European Organisation for Research and Treatment of Cancer (EORTC)

Status and phase

Completed
Phase 3

Conditions

Prostate Cancer

Treatments

Radiation: low-LET photon therapy

Study type

Interventional

Funder types

NETWORK

Identifiers

NCT00002511
EORTC-22911
EORTC-GU-22911

Details and patient eligibility

About

RATIONALE: Radiation therapy uses high-energy x-rays to damage tumor cells and may be an effective treatment for prostate cancer.

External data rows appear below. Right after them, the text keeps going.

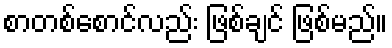
စာတစ်စောင်လည်း ဖြစ်ချင် ဖြစ်မည်။
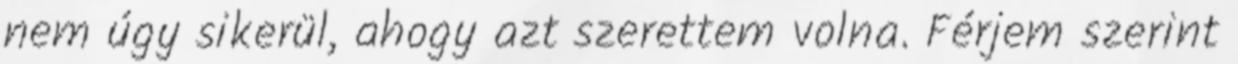
nem úgy sikerül, ahogy azt szerettem volna. Férjem szerint
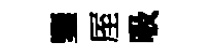
鑒厔吸
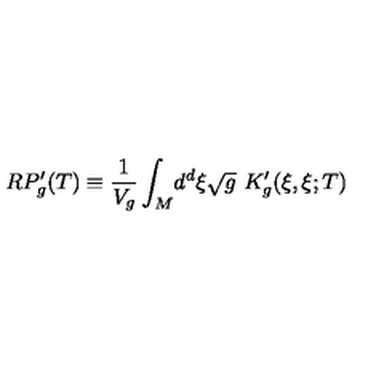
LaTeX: R P _ { g } ^ { \prime } ( T ) \equiv \frac { 1 } { V _ { g } } \int _ { M } \! d ^ { d } \xi \sqrt { g } \ K _ { g } ^ { \prime } ( \xi , \xi ; T )
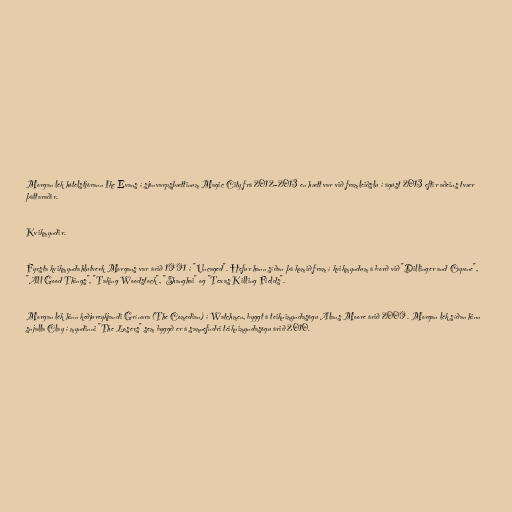
Morgan lék hótelstjórann Ike Evans í sjónvarpsþættinum Magic City frá 2012-2013 en hætt var við framleiðslu í ágúst 2013 eftir aðeins tvær
þáttaraðir.

Kvikmyndir.

Fyrsta kvikmyndahlutverk Morgans var árið 1991 í "Uncaged". Hefur hann síðan þá komið fram í kvikmyndum á borð við "Dillinger and Capone",
"All Good Things", "Taking Woodstock", "Shanghai" og "Texas Killing Fields".

Morgan lék hinn keðjureykjandi Grínara (The Comedian) í Watchmen, byggt á teiknimyndasögu Alans Moore árið 2009. Morgan lék síðan hinn
snjalla Clay í myndinni "The Losers" sem byggð er á samnefndri teiknimyndasögu árið 2010.
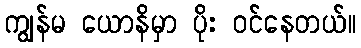
ကျွန်မ ယောနိမှာ ပိုး ဝင်နေတယ်။
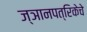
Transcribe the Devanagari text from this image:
ज्ञानपत्रिकेचे
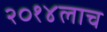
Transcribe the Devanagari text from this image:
२०१४लाच
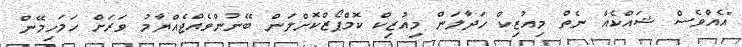
"އެއްވެސް ޝައްކެއް ނެތް މިއުޒިކް ހަދާލަން މިއުޒިކް ކޮމްޕޯޒްކޮށްލަން ބޭނުންވެއްޖެއްޔާމު ވަރަށް ހަމަހިމޭން
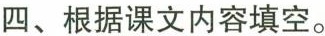
四、根据课文内容填空。
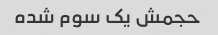
حجمش یک سوم شده
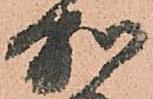
加
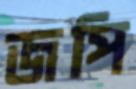
জপি
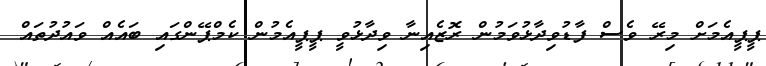
ޕީޕީއެމަށް މިރޭ ވެސް ފާޑުވިދާޅުވަމުން ރޮޒެއިނާ ވިދާޅުވީ ޕީޕީއެމުން ކެމްޕޭންގައި ބައެއް ވައުދުތައް
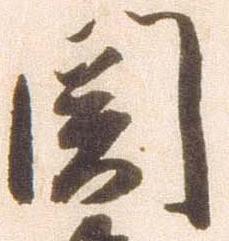
関
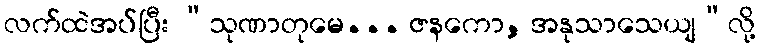
လက်ထဲအပ်ပြီး “သုဏာတုမေ... ဇနကော, အနုသာသေယျ”လို့
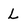
Character: L
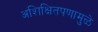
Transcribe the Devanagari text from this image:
अशिक्षितपणामुळे
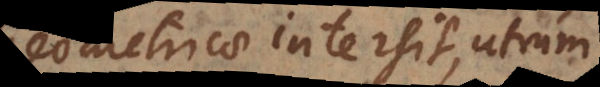
Geometricae intersit, utrum
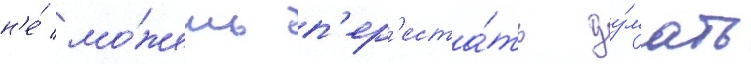
н'е́ мо́жешь п'ер'еста́ть ду́мать
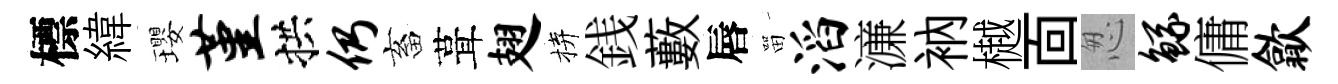
標緯瓔堇拱仍畜葺翅拚銭藪唇㽞滔濓衲樾靣怱鲧傭歙

PURPOSE: Randomized phase III trial to compare radiation therapy with no further treatment in treating patients with stage III prostate cancer following radical prostatectomy.

Full description

OBJECTIVES:

  • Compare local recurrence rates, acute and late morbidity, overall survival, disease-free survival, and cancer-related survival of patients with pT3 pN0 adenocarcinoma of the prostate randomized following radical prostatectomy to postoperative conventional pelvic irradiation (60 Gy) vs no further treatment until relapse.
  • Better define the selective pathologic indications for radiotherapy in patients with pT3 pN0 disease.

OUTLINE: This is a randomized study.

  • Arm I: Patients undergo radiotherapy daily, 5 days a week, for 5 weeks, followed by boost radiotherapy for 1-1.4 weeks.
  • Arm II: Patients are observed. Local relapse is treated with conventional pelvic radiotherapy.

Patients are followed every 3 months during the first postoperative year, every 6 months until the fifth year, and annually thereafter.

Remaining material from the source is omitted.